AIM OF THE TASK>
Could each entry below be printed again exactly as given?

Saved data entries
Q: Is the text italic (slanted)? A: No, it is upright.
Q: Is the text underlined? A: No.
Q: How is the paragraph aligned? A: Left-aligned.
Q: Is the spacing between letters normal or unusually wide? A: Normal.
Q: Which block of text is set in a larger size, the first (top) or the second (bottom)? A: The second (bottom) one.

THE ANSWER>
Q: Is the text italic (slanted)? A: No, it is upright.
Q: Is the text underlined? A: No.
Q: How is the paragraph aligned? A: Left-aligned.
Q: Is the spacing between letters normal or unusually wide? A: Normal.
Q: Which block of text is set in a larger size, the first (top) or the second (bottom)? A: The second (bottom) one.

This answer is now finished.